### The data ###

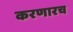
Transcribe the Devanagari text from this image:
करणारच
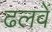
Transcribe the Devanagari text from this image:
ढलवें
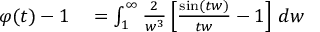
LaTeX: \begin{array} { r l } { \varphi ( t ) - 1 } & { { } = \int _ { 1 } ^ { \infty } { \frac { 2 } { w ^ { 3 } } } \left[ { \frac { \sin ( t w ) } { t w } } - 1 \right] \, d w } \end{array}
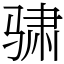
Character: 骕
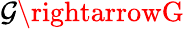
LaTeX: \mathcal{G}\rightarrowG
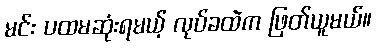
မင်း ပထမဆုံးရမယ့် လုပ်ခထဲက ဖြတ်ယူမယ်။
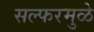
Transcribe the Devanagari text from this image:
सल्फरमुळे
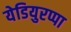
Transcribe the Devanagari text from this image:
येडियुरप्पा
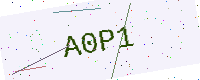
Text: A0P1
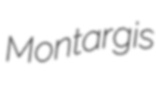
Montargis
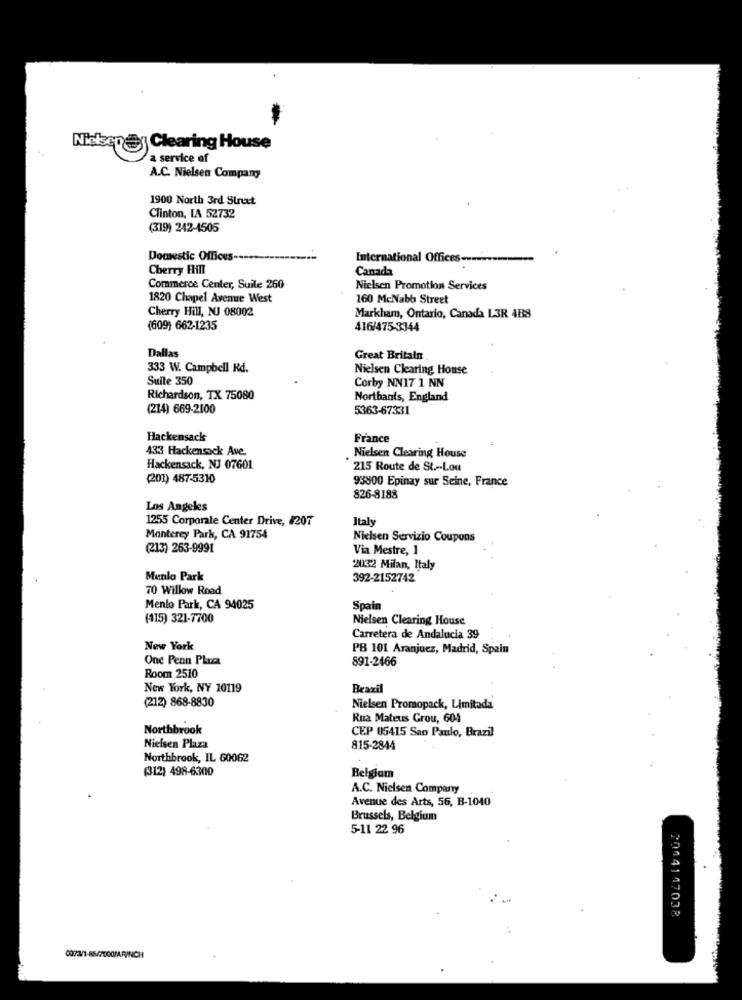
Nietsen@ Clearing House
a service of
A.C. Nielsen Company
1900 North 3rd Street
Clinton, LA 52732
(319) 242-4505
Domestic Offices-
International Offices ---
Cherry Hill
Canada
Commerce Center, Suile 260
Nielsen Promotion Services
1820 Chapel Avemre West
160 McNabb Street
Cherry Hill, NJ 08002
Markham, Ontario, Canada L3R 488
(609) 662-1235
416/475-3344
Dallas
Great Britain
333 W. Campbell Rd.
Nielsen Clearing House
Suite 350
Corby NN17 1 NN
Richardson, TX 75080
Northants, England
(214) 669-2100
5363-67331
Hackensack
France
433 Hackensack Ave
Nielsen Clearing House
Hackensack, NJ 07601
215 Route de St .-- Lou
(201) 487-5310
93800 Epinay sur Seine, France
826-8188
Los Angeles
1255 Corporate Center Drive, #207
Italy
Monterey Park, CA 91754
Nielsen Servizio Coupons
(213) 263-9991
Via Mestre, 1
2032 Milan, Italy
Menlo Park
392-2152742
70 Willow Road
Menlo Park, CA 94025
Spain
(115) 321-7700
Nielsen Clearing House
Carretera de Andalucia 39
New York
PB 101 Aranjuez, Madrid, Spain
One Penn Phone
891-2466
Room 2510
New York, NY 10119
Brazil
(212) 868-8830
Nielsen Promopack, Limitada
Rua Mateus Grou, 604
Northbrook
CEP 05415 Sao Paulo, Brazil
Nielsen Plaza
815-2844
Northbrook, IL 60062
(312) 498-6300
Belgiam
A.C. Nielsen Company
Avenue des Arts, 56, B-1040
Brussels, Belgium
5-11 22 96
2044147038
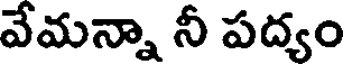
వేమన్నా నీ పద్యం
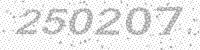
Solution: 250207
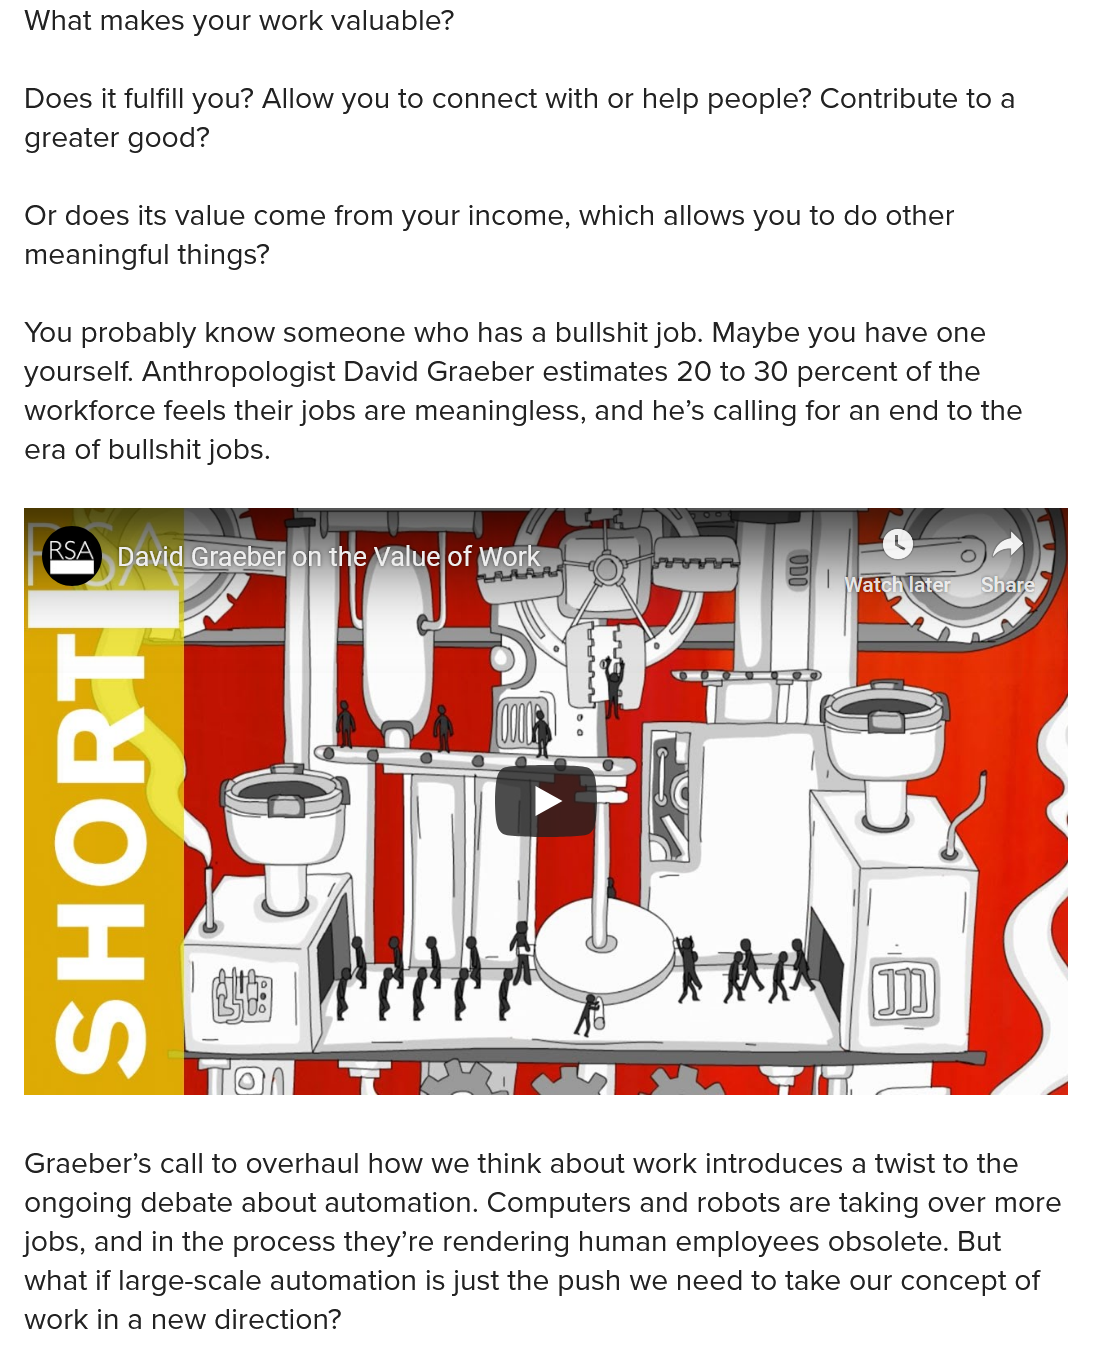
What makes your work valuable?
  Does it fulfill you? Allow you to connect with or help people? Contribute to a
  greater good?
  Or does its value come from your income, which allows you to do other
  meaningful things?
  You probably know someone who has a bullshit job. Maybe you have one
  yourself. Anthropologist David Graeber estimates 20 to 30 percent of the
  workforce feels their jobs are meaningless, and he’s calling for an end to the
  era of bullshit jobs.

     C7rreT=l eel Me} n Malem OC LOLN NO)
  Graeber’s call to overhaul how we think about work introduces a twist to the
  ongoing debate about automation. Computers and robots are taking over more
  jobs, and in the process they’re rendering human employees obsolete. But
  what if large-scale automation is just the push we need to take our concept of
  work in a new direction?
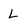
Character: L
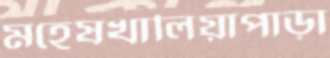
মহেষখালিয়াপাড়া
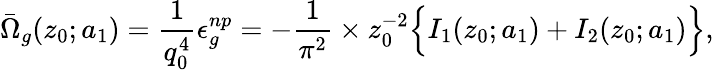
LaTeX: \bar{\Omega}_{g}(z_{0};a_{1})={\frac{1}{q_{0}^{4}}}\epsilon_{g}^{np}=-{\frac{1}{\pi^{2}}}\times z_{0}^{-2}\Bigl\{ I_{1}(z_{0};a_{1})+I_{2}(z_{0};a_{1})\Bigr\} ,
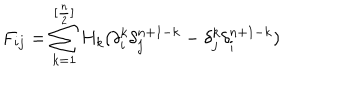
F _ { i j } = \sum _ { k = 1 } ^ { [ \frac { n } { 2 } ] } H _ { k } ( \delta _ { i } ^ { k } \delta _ { j } ^ { n + 1 - k } - \delta _ { j } ^ { k } \delta _ { i } ^ { n + 1 - k } )
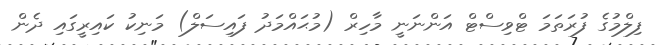
ފިލްމުގެ ފުރަތަމަ ޓްވިސްޓް އަންނަނީ މާހިރް (މުޙައްމަދު ފައިސަލް) މަނިކު ކައިރީގައި ދެން
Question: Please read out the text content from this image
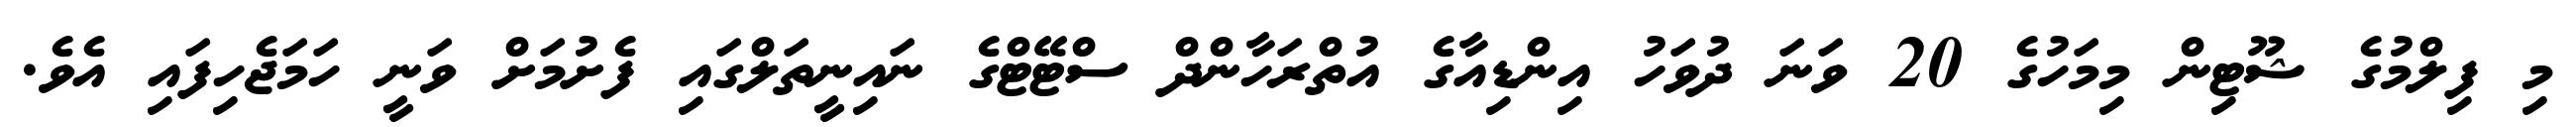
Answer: މި ފިލްމުގެ ޝޫޓިން މިމަހުގެ 20 ވަނަ ދުވަހު އިންޑިއާގެ އުތްރަހާންދް ސްޓޭޓްގެ ނައިނީތަލްގައި ފެށުމަށް ވަނީ ހަމަޖެހިފައި އެވެ.
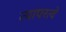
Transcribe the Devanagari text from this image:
त्यापरत्वे
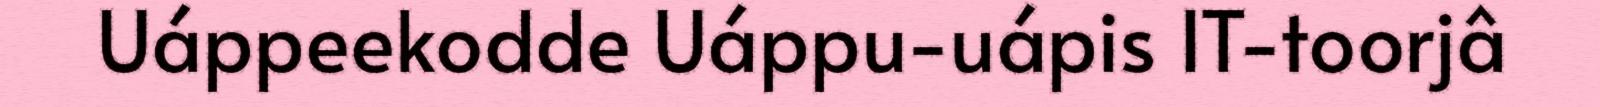
Uáppeekodde Uáppu-uápis IT-toorjâ
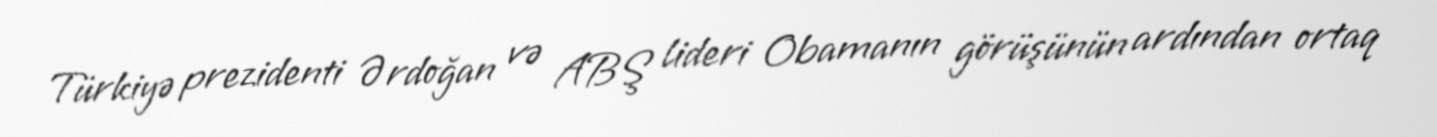
Türkiyə prezidenti Ərdoğan və ABŞ lideri Obamanın görüşünün ardından ortaq
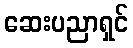
ဆေးပညာရှင်

###

Aim of the exercise: From the entries above, return each line with the word "Street" in it.

Output:
1900 North 3rd Street
160 McNabb Street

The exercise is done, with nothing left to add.